» **The problem**
After finding the line with "#4341=DIRECTION('',(0.,-1.,0.));" in the data below, set down exactly each line through the one with "#5322=CARTESIAN_POINT('',(1.28,0.385,1.14));", inclusive, and stop there.
=== Provided records ===
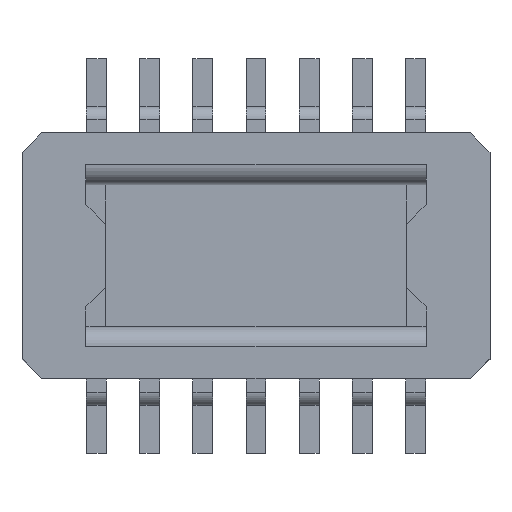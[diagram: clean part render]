
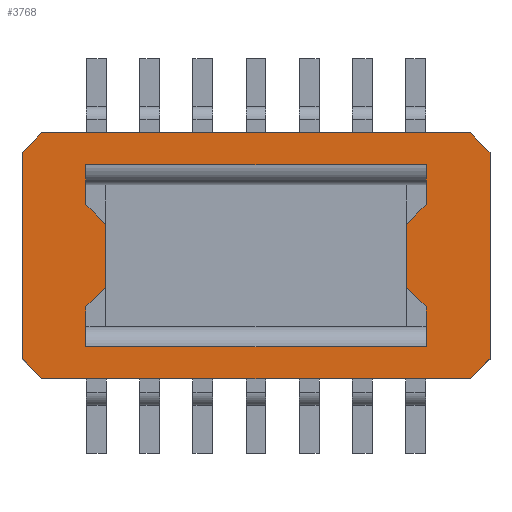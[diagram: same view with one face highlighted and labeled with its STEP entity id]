
A CAD part, top view. The second image highlights one B-rep face of the part: STEP entity #3768.
In plain terms, the highlighted planar face has unit normal (0, 0, 1).
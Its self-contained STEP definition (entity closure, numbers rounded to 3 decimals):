
#183=FACE_BOUND('',#565,.T.);
#212=PLANE('',#3983);
#367=FACE_OUTER_BOUND('',#564,.T.);
#564=EDGE_LOOP('',(#2704,#2705,#2706,#2707,#2708,#2709,#2710,#2711));
#565=EDGE_LOOP('',(#2712,#2713,#2714,#2715,#2716,#2717,#2718,#2719,#2720,
#2721,#2722,#2723));
#763=LINE('',#5281,#1211);
#770=LINE('',#5300,#1218);
#776=LINE('',#5314,#1224);
#780=LINE('',#5323,#1228);
#784=LINE('',#5329,#1232);
#787=LINE('',#5337,#1235);
#791=LINE('',#5346,#1239);
#795=LINE('',#5352,#1243);
#797=LINE('',#5355,#1245);
#800=LINE('',#5360,#1248);
#802=LINE('',#5366,#1250);
#803=LINE('',#5368,#1251);
#804=LINE('',#5370,#1252);
#805=LINE('',#5372,#1253);
#806=LINE('',#5374,#1254);
#807=LINE('',#5376,#1255);
#808=LINE('',#5378,#1256);
#809=LINE('',#5379,#1257);
#810=LINE('',#5380,#1258);
#811=LINE('',#5381,#1259);
#1211=VECTOR('',#4259,10.);
#1218=VECTOR('',#4274,10.);
#1224=VECTOR('',#4284,10.);
#1228=VECTOR('',#4290,10.);
#1232=VECTOR('',#4298,10.);
#1235=VECTOR('',#4303,10.);
#1239=VECTOR('',#4309,10.);
#1243=VECTOR('',#4317,10.);
#1245=VECTOR('',#4321,10.);
#1248=VECTOR('',#4328,10.);
#1250=VECTOR('',#4334,10.);
#1251=VECTOR('',#4335,10.);
#1252=VECTOR('',#4336,10.);
#1253=VECTOR('',#4337,10.);
#1254=VECTOR('',#4338,10.);
#1255=VECTOR('',#4339,10.);
#1256=VECTOR('',#4340,10.);
#1257=VECTOR('',#4341,10.);
#1258=VECTOR('',#4342,10.);
#1259=VECTOR('',#4343,10.);
#1744=VERTEX_POINT('',#5270);
#1749=VERTEX_POINT('',#5279);
#1752=VERTEX_POINT('',#5289);
#1757=VERTEX_POINT('',#5298);
#1762=VERTEX_POINT('',#5311);
#1763=VERTEX_POINT('',#5313);
#1766=VERTEX_POINT('',#5320);
#1767=VERTEX_POINT('',#5322);
#1770=VERTEX_POINT('',#5334);
#1771=VERTEX_POINT('',#5336);
#1774=VERTEX_POINT('',#5343);
#1775=VERTEX_POINT('',#5345);
#1776=VERTEX_POINT('',#5364);
#1777=VERTEX_POINT('',#5365);
#1778=VERTEX_POINT('',#5367);
#1779=VERTEX_POINT('',#5369);
#1780=VERTEX_POINT('',#5371);
#1781=VERTEX_POINT('',#5373);
#1782=VERTEX_POINT('',#5375);
#1783=VERTEX_POINT('',#5377);
#2105=EDGE_CURVE('',#1749,#1744,#763,.T.);
#2114=EDGE_CURVE('',#1757,#1752,#770,.T.);
#2120=EDGE_CURVE('',#1762,#1763,#776,.T.);
#2124=EDGE_CURVE('',#1766,#1767,#780,.T.);
#2128=EDGE_CURVE('',#1757,#1767,#784,.T.);
#2131=EDGE_CURVE('',#1770,#1771,#787,.T.);
#2135=EDGE_CURVE('',#1774,#1775,#791,.T.);
#2139=EDGE_CURVE('',#1749,#1775,#795,.T.);
#2141=EDGE_CURVE('',#1770,#1752,#797,.T.);
#2144=EDGE_CURVE('',#1762,#1744,#800,.T.);
#2146=EDGE_CURVE('',#1776,#1777,#802,.T.);
#2147=EDGE_CURVE('',#1776,#1778,#803,.T.);
#2148=EDGE_CURVE('',#1779,#1778,#804,.T.);
#2149=EDGE_CURVE('',#1779,#1780,#805,.T.);
#2150=EDGE_CURVE('',#1781,#1780,#806,.T.);
#2151=EDGE_CURVE('',#1781,#1782,#807,.T.);
#2152=EDGE_CURVE('',#1783,#1782,#808,.T.);
#2153=EDGE_CURVE('',#1783,#1777,#809,.T.);
#2154=EDGE_CURVE('',#1774,#1771,#810,.T.);
#2155=EDGE_CURVE('',#1766,#1763,#811,.T.);
#2704=ORIENTED_EDGE('',*,*,#2146,.F.);
#2705=ORIENTED_EDGE('',*,*,#2147,.T.);
#2706=ORIENTED_EDGE('',*,*,#2148,.F.);
#2707=ORIENTED_EDGE('',*,*,#2149,.T.);
#2708=ORIENTED_EDGE('',*,*,#2150,.F.);
#2709=ORIENTED_EDGE('',*,*,#2151,.T.);
#2710=ORIENTED_EDGE('',*,*,#2152,.F.);
#2711=ORIENTED_EDGE('',*,*,#2153,.T.);
#2712=ORIENTED_EDGE('',*,*,#2139,.T.);
#2713=ORIENTED_EDGE('',*,*,#2135,.F.);
#2714=ORIENTED_EDGE('',*,*,#2154,.T.);
#2715=ORIENTED_EDGE('',*,*,#2131,.F.);
#2716=ORIENTED_EDGE('',*,*,#2141,.T.);
#2717=ORIENTED_EDGE('',*,*,#2114,.F.);
#2718=ORIENTED_EDGE('',*,*,#2128,.T.);
#2719=ORIENTED_EDGE('',*,*,#2124,.F.);
#2720=ORIENTED_EDGE('',*,*,#2155,.T.);
#2721=ORIENTED_EDGE('',*,*,#2120,.F.);
#2722=ORIENTED_EDGE('',*,*,#2144,.T.);
#2723=ORIENTED_EDGE('',*,*,#2105,.F.);
#3768=ADVANCED_FACE('',(#367,#183),#212,.T.);
#3983=AXIS2_PLACEMENT_3D('',#5363,#4332,#4333);
#4259=DIRECTION('',(1.,0.,0.));
#4274=DIRECTION('',(-1.,0.,0.));
#4284=DIRECTION('',(-0.707,0.707,0.));
#4290=DIRECTION('',(0.707,0.707,0.));
#4298=DIRECTION('',(0.,-1.,0.));
#4303=DIRECTION('',(0.707,-0.707,0.));
#4309=DIRECTION('',(-0.707,-0.707,0.));
#4317=DIRECTION('',(0.,1.,0.));
#4321=DIRECTION('',(0.,1.,0.));
#4328=DIRECTION('',(0.,-1.,0.));
#4332=DIRECTION('center_axis',(0.,0.,1.));
#4333=DIRECTION('ref_axis',(1.,0.,0.));
#4334=DIRECTION('',(-0.707,0.707,0.));
#4335=DIRECTION('',(1.,0.,0.));
#4336=DIRECTION('',(-0.707,-0.707,0.));
#4337=DIRECTION('',(0.,1.,0.));
#4338=DIRECTION('',(0.707,-0.707,0.));
#4339=DIRECTION('',(-1.,0.,0.));
#4340=DIRECTION('',(0.707,0.707,0.));
#4341=DIRECTION('',(0.,-1.,0.));
#4342=DIRECTION('',(0.,1.,0.));
#4343=DIRECTION('',(0.,-1.,0.));
#5270=CARTESIAN_POINT('',(1.28,-0.685,1.14));
#5279=CARTESIAN_POINT('',(-1.28,-0.685,1.14));
#5281=CARTESIAN_POINT('',(0.565,-0.685,1.14));
#5289=CARTESIAN_POINT('',(-1.28,0.685,1.14));
#5298=CARTESIAN_POINT('',(1.28,0.685,1.14));
#5300=CARTESIAN_POINT('',(-0.565,0.685,1.14));
#5311=CARTESIAN_POINT('',(1.28,-0.385,1.14));
#5313=CARTESIAN_POINT('',(1.13,-0.235,1.14));
#5314=CARTESIAN_POINT('',(0.826,0.069,1.14));
#5320=CARTESIAN_POINT('',(1.13,0.235,1.14));
#5322=CARTESIAN_POINT('',(1.28,0.385,1.14));
#5323=CARTESIAN_POINT('',(0.826,-0.069,1.14));
#5329=CARTESIAN_POINT('',(1.28,0.268,1.14));
#5334=CARTESIAN_POINT('',(-1.28,0.385,1.14));
#5336=CARTESIAN_POINT('',(-1.13,0.235,1.14));
#5337=CARTESIAN_POINT('',(-0.826,-0.069,1.14));
#5343=CARTESIAN_POINT('',(-1.13,-0.235,1.14));
#5345=CARTESIAN_POINT('',(-1.28,-0.385,1.14));
#5346=CARTESIAN_POINT('',(-0.826,0.069,1.14));
#5352=CARTESIAN_POINT('',(-1.28,-0.268,1.14));
#5355=CARTESIAN_POINT('',(-1.28,0.118,1.14));
#5360=CARTESIAN_POINT('',(1.28,-0.118,1.14));
#5363=CARTESIAN_POINT('Origin',(0.,0.,
1.14));
#5364=CARTESIAN_POINT('',(-1.61,-0.925,1.14));
#5365=CARTESIAN_POINT('',(-1.76,-0.775,1.14));
#5366=CARTESIAN_POINT('',(-1.476,-1.059,1.14));
#5367=CARTESIAN_POINT('',(1.61,-0.925,1.14));
#5368=CARTESIAN_POINT('',(-1.76,-0.925,1.14));
#5369=CARTESIAN_POINT('',(1.76,-0.775,1.14));
#5370=CARTESIAN_POINT('',(1.476,-1.059,1.14));
#5371=CARTESIAN_POINT('',(1.76,0.775,1.14));
#5372=CARTESIAN_POINT('',(1.76,-0.925,1.14));
#5373=CARTESIAN_POINT('',(1.61,0.925,1.14));
#5374=CARTESIAN_POINT('',(1.476,1.059,1.14));
#5375=CARTESIAN_POINT('',(-1.61,0.925,1.14));
#5376=CARTESIAN_POINT('',(1.76,0.925,1.14));
#5377=CARTESIAN_POINT('',(-1.76,0.775,1.14));
#5378=CARTESIAN_POINT('',(-1.476,1.059,1.14));
#5379=CARTESIAN_POINT('',(-1.76,0.925,1.14));
#5380=CARTESIAN_POINT('',(-1.13,-0.268,1.14));
#5381=CARTESIAN_POINT('',(1.13,0.268,1.14));
===
» **Your solution**
#4341=DIRECTION('',(0.,-1.,0.));
#4342=DIRECTION('',(0.,1.,0.));
#4343=DIRECTION('',(0.,-1.,0.));
#5270=CARTESIAN_POINT('',(1.28,-0.685,1.14));
#5279=CARTESIAN_POINT('',(-1.28,-0.685,1.14));
#5281=CARTESIAN_POINT('',(0.565,-0.685,1.14));
#5289=CARTESIAN_POINT('',(-1.28,0.685,1.14));
#5298=CARTESIAN_POINT('',(1.28,0.685,1.14));
#5300=CARTESIAN_POINT('',(-0.565,0.685,1.14));
#5311=CARTESIAN_POINT('',(1.28,-0.385,1.14));
#5313=CARTESIAN_POINT('',(1.13,-0.235,1.14));
#5314=CARTESIAN_POINT('',(0.826,0.069,1.14));
#5320=CARTESIAN_POINT('',(1.13,0.235,1.14));
#5322=CARTESIAN_POINT('',(1.28,0.385,1.14));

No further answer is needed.